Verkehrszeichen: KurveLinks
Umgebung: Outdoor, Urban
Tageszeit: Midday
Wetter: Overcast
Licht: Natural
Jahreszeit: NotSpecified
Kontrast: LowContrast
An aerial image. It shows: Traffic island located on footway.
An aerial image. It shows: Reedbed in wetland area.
---
Would you copy every line of the entries in which "image" appears?

> _Solution for this task_
An aerial image. It shows: Traffic island located on footway.
An aerial image. It shows: Reedbed in wetland area.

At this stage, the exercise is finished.